__Assignment__. Without including any images, set down the records below exactly.
· · · · · · ·
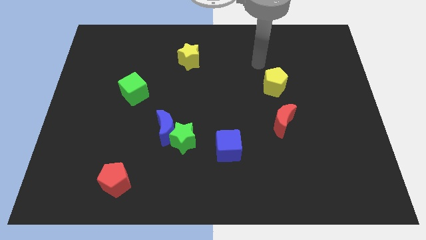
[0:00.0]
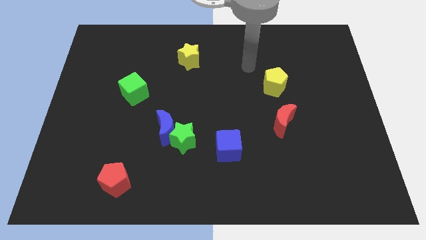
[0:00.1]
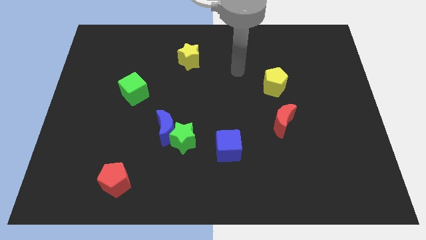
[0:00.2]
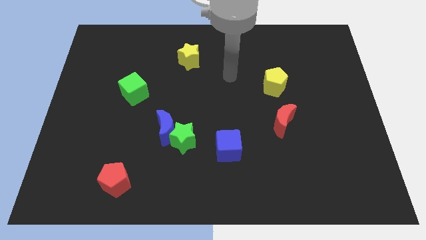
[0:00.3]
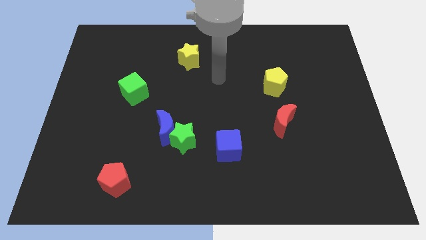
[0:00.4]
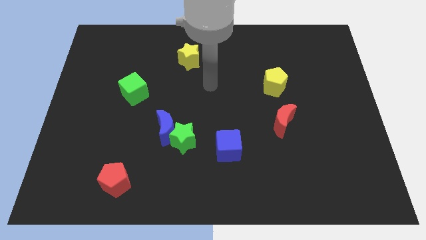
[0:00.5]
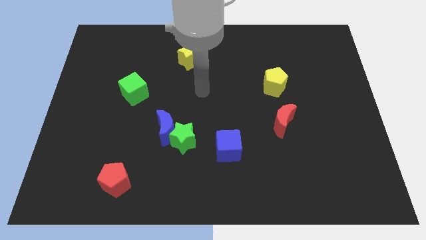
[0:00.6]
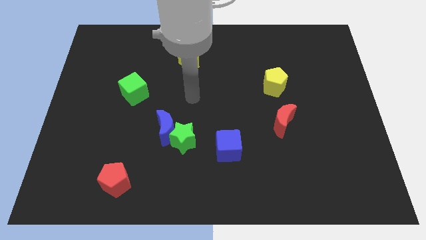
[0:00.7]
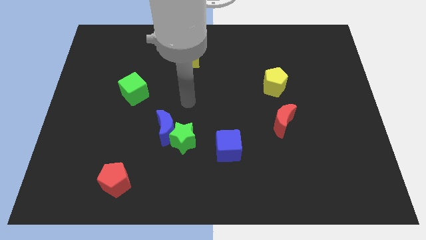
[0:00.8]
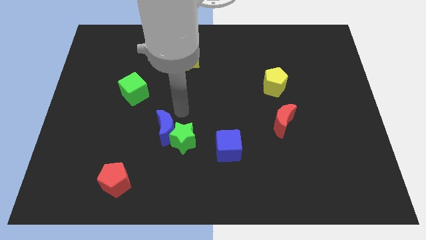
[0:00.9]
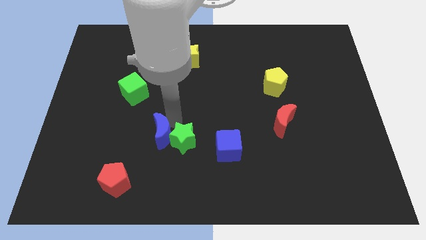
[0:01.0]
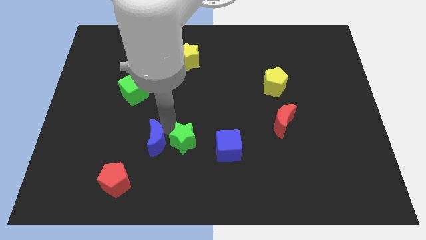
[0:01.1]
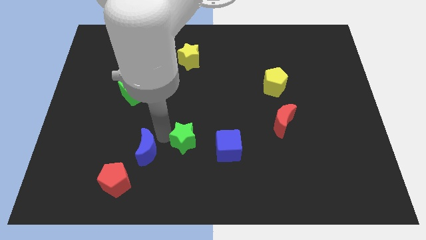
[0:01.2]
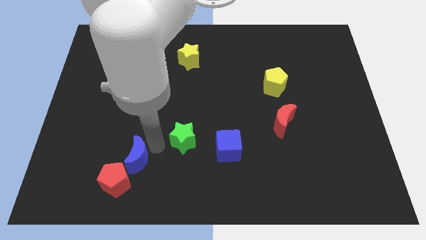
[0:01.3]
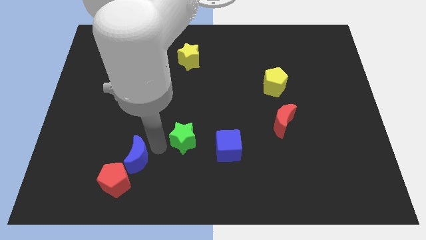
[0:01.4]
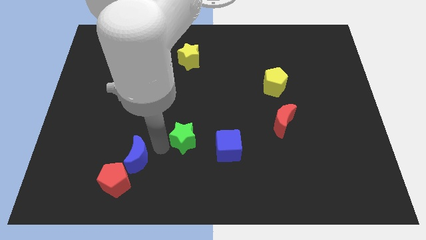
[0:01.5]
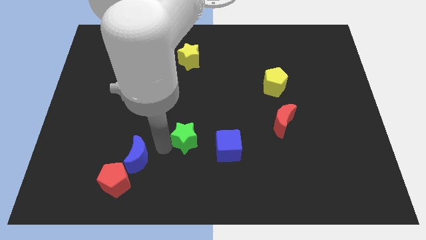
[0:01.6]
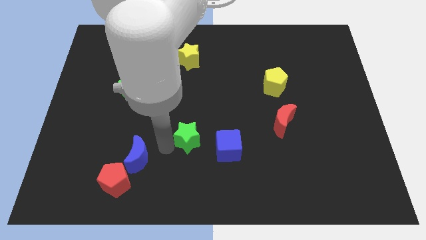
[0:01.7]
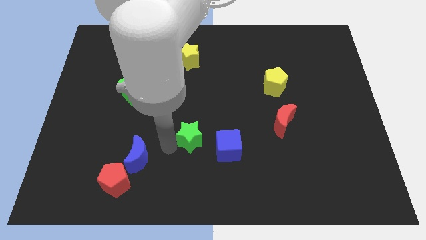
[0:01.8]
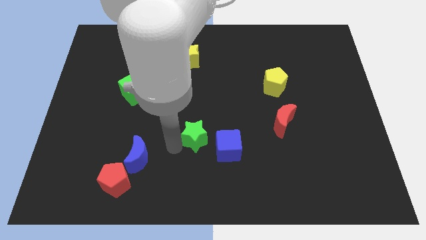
· · · · · · ·
__Expected answer__.
[0:00.0]
[0:00.1]
[0:00.2]
[0:00.3]
[0:00.4]
[0:00.5]
[0:00.6]
[0:00.7]
[0:00.8]
[0:00.9]
[0:01.0]
[0:01.1]
[0:01.2]
[0:01.3]
[0:01.4]
[0:01.5]
[0:01.6]
[0:01.7]
[0:01.8]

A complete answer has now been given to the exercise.